Excerpts from a dataset
+--
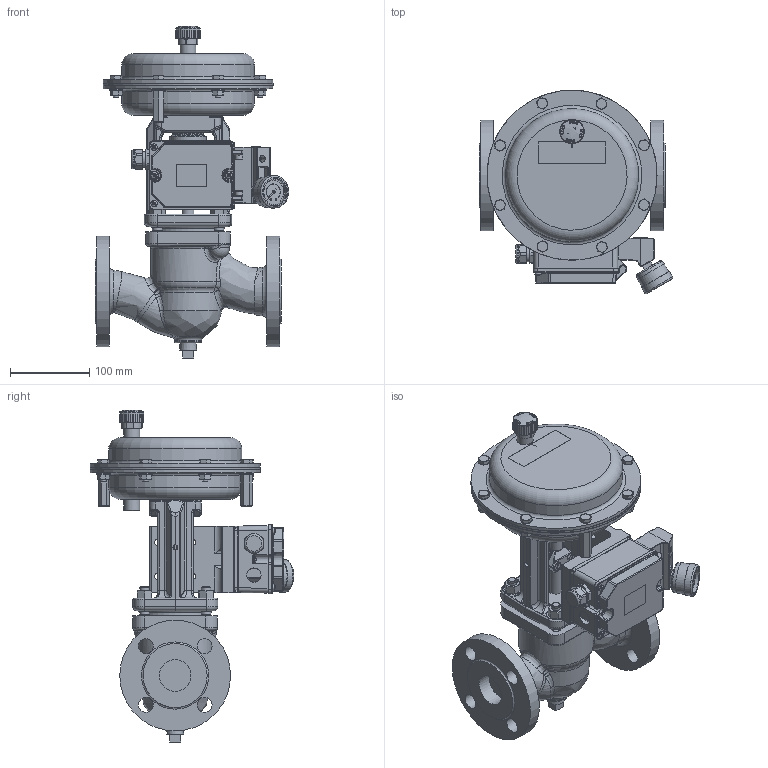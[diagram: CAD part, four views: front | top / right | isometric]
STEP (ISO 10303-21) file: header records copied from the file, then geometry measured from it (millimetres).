
FILE_DESCRIPTION(/* description */ (''),/* implementation_level */ '2;1');
FILE_NAME(/* name */ 'rct20-040-jis20-00.stp',/* time_stamp */ '2025-01-15T11:19:56+09:00',/* author */ ('nakaot'),/* organization */ (''),/* preprocessor_version */ 'ST-DEVELOPER v18.1',/* originating_system */ 'Autodesk Inventor 2022',/* authorisation */ '');
FILE_SCHEMA (('AUTOMOTIVE_DESIGN { 1 0 10303 214 3 1 1 }'));
Products named in the file (1): 40A-CT20_JIS20K_4022
Bounding box: 244.72 x 257.31 x 419.79 mm (x, y, z)
Volume: 4854034.1 mm3; surface area: 475445.1 mm2
Topology: 1 solids, 1 shells, 3266 faces, 8448 edges, 5261 vertices
Faces by surface type: plane 1180, cylinder 721, bspline 604, cone 537, torus 175, sphere 49
Full cylindrical faces by diameter (mm): 1 x1, 1.5 x4, 1.72 x2, 2 x2, 4 x2, 4.2 x1, 4.4 x2, 4.5 x4, 5 x1, 5.2 x1, 6.466 x14, 6.47 x2, 7.2 x2, 8 x3, 8.4 x1, 8.57 x1, 8.6 x4, 8.7 x2, 9.5 x2, 11.45 x1, 12 x18, 13 x8, 13.7 x1, 14 x6, 16 x1, 17 x8, 18.55 x1, 19 x8, 20 x3, 22.9 x1
Entity records: 135012 total; most frequent: CARTESIAN_POINT 56519, ORIENTED_EDGE 16816, DIRECTION 14705, EDGE_CURVE 8408, AXIS2_PLACEMENT_3D 5722, VERTEX_POINT 5261, EDGE_LOOP 3502, STYLED_ITEM 3267
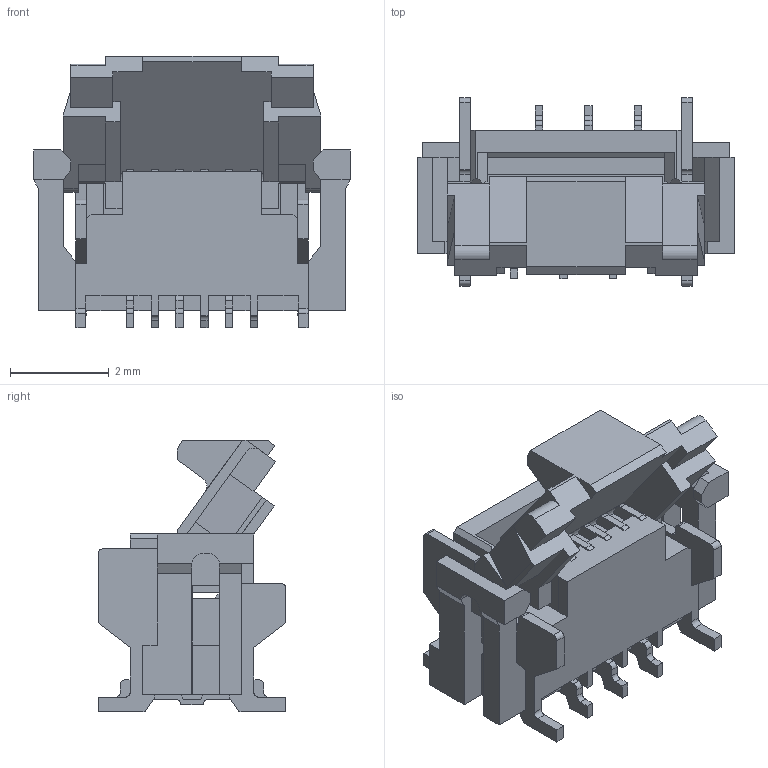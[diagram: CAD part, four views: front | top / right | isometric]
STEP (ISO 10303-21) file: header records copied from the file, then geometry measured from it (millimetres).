
FILE_DESCRIPTION(/* description */ (''),/* implementation_level */ '2;1');
FILE_NAME(/* name */ 'FH12-6S-0.5SV.step',/* time_stamp */ '2021-11-04T07:49:30-07:00',/* author */ (''),/* organization */ (''),/* preprocessor_version */ 'ST-DEVELOPER v18.1',/* originating_system */ 'Autodesk Translation Framework v10.10.0.1391',/* authorisation */ '');
FILE_SCHEMA (('AUTOMOTIVE_DESIGN { 1 0 10303 214 3 1 1 }'));
Length unit declared in the file: millimetre
Products named in the file (2): FH12-6S-0.5SV; FH12-6S-0.5SV.stp
Assembly tree (1 placements, depth 2):
  FH12-6S-0.5SV
    FH12-6S-0.5SV.stp
Bounding box: 6.4 x 3.8 x 5.5 mm (x, y, z)
Volume: 46.3 mm3; surface area: 190.4 mm2
Topology: 1 solids, 1 shells, 413 faces, 1221 edges, 802 vertices
Faces by surface type: plane 343, cylinder 70
Entity records: 14113 total; most frequent: ORIENTED_EDGE 2442, CARTESIAN_POINT 2439, DIRECTION 2215, EDGE_CURVE 1221, LINE 1059, VECTOR 1059, VERTEX_POINT 802, AXIS2_PLACEMENT_3D 578
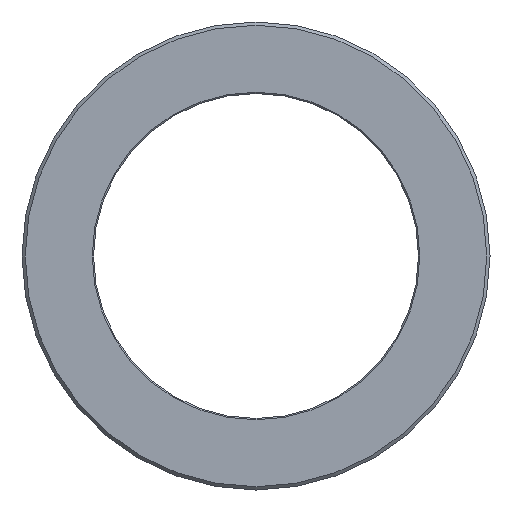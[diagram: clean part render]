
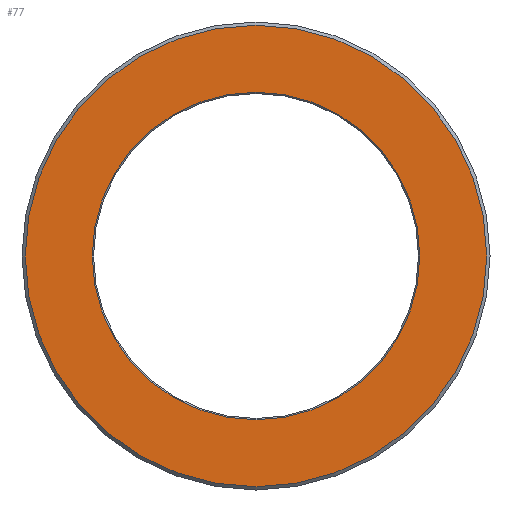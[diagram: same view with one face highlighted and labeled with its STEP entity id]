
A CAD part, left-side view. The second image highlights one B-rep face of the part: STEP entity #77.
In plain terms, the highlighted planar face has unit normal (-1, 0, 0).
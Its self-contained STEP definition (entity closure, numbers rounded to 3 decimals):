
#77 = ADVANCED_FACE( '', ( #95, #96 ), #97, .T. );
#95 = FACE_BOUND( '', #143, .T. );
#96 = FACE_OUTER_BOUND( '', #144, .T. );
#97 = PLANE( '', #145 );
#143 = EDGE_LOOP( '', ( #191 ) );
#144 = EDGE_LOOP( '', ( #192 ) );
#145 = AXIS2_PLACEMENT_3D( '', #193, #194, #195 );
#191 = ORIENTED_EDGE( '', *, *, #271, .T. );
#192 = ORIENTED_EDGE( '', *, *, #272, .T. );
#193 = CARTESIAN_POINT( '', ( 0., 0., 0. ) );
#194 = DIRECTION( '', ( -1., 0., 0. ) );
#195 = DIRECTION( '', ( 0., 0., 1. ) );
#271 = EDGE_CURVE( '', #287, #287, #288, .F. );
#272 = EDGE_CURVE( '', #289, #289, #290, .T. );
#287 = VERTEX_POINT( '', #319 );
#288 = CIRCLE( '', #320, 25.2 );
#289 = VERTEX_POINT( '', #321 );
#290 = CIRCLE( '', #322, 35.5 );
#319 = CARTESIAN_POINT( '', ( 0., 0., 25.2 ) );
#320 = AXIS2_PLACEMENT_3D( '', #351, #352, #353 );
#321 = CARTESIAN_POINT( '', ( 0., 0., 35.5 ) );
#322 = AXIS2_PLACEMENT_3D( '', #354, #355, #356 );
#351 = CARTESIAN_POINT( '', ( 0., 0., 0. ) );
#352 = DIRECTION( '', ( -1., 0., 0. ) );
#353 = DIRECTION( '', ( 0., 0., 1. ) );
#354 = CARTESIAN_POINT( '', ( 0., 0., 0. ) );
#355 = DIRECTION( '', ( -1., 0., 0. ) );
#356 = DIRECTION( '', ( 0., 0., 1. ) );
+--
Set down exactly the lines of the data above, beginning with the line that has "In plain terms, the" and ending with the line that has "#288 = CIRCLE( '', #320, 25.2 );", and no others.

In plain terms, the highlighted planar face has unit normal (-1, 0, 0).
Its self-contained STEP definition (entity closure, numbers rounded to 3 decimals):
#77 = ADVANCED_FACE( '', ( #95, #96 ), #97, .T. );
#95 = FACE_BOUND( '', #143, .T. );
#96 = FACE_OUTER_BOUND( '', #144, .T. );
#97 = PLANE( '', #145 );
#143 = EDGE_LOOP( '', ( #191 ) );
#144 = EDGE_LOOP( '', ( #192 ) );
#145 = AXIS2_PLACEMENT_3D( '', #193, #194, #195 );
#191 = ORIENTED_EDGE( '', *, *, #271, .T. );
#192 = ORIENTED_EDGE( '', *, *, #272, .T. );
#193 = CARTESIAN_POINT( '', ( 0., 0., 0. ) );
#194 = DIRECTION( '', ( -1., 0., 0. ) );
#195 = DIRECTION( '', ( 0., 0., 1. ) );
#271 = EDGE_CURVE( '', #287, #287, #288, .F. );
#272 = EDGE_CURVE( '', #289, #289, #290, .T. );
#287 = VERTEX_POINT( '', #319 );
#288 = CIRCLE( '', #320, 25.2 );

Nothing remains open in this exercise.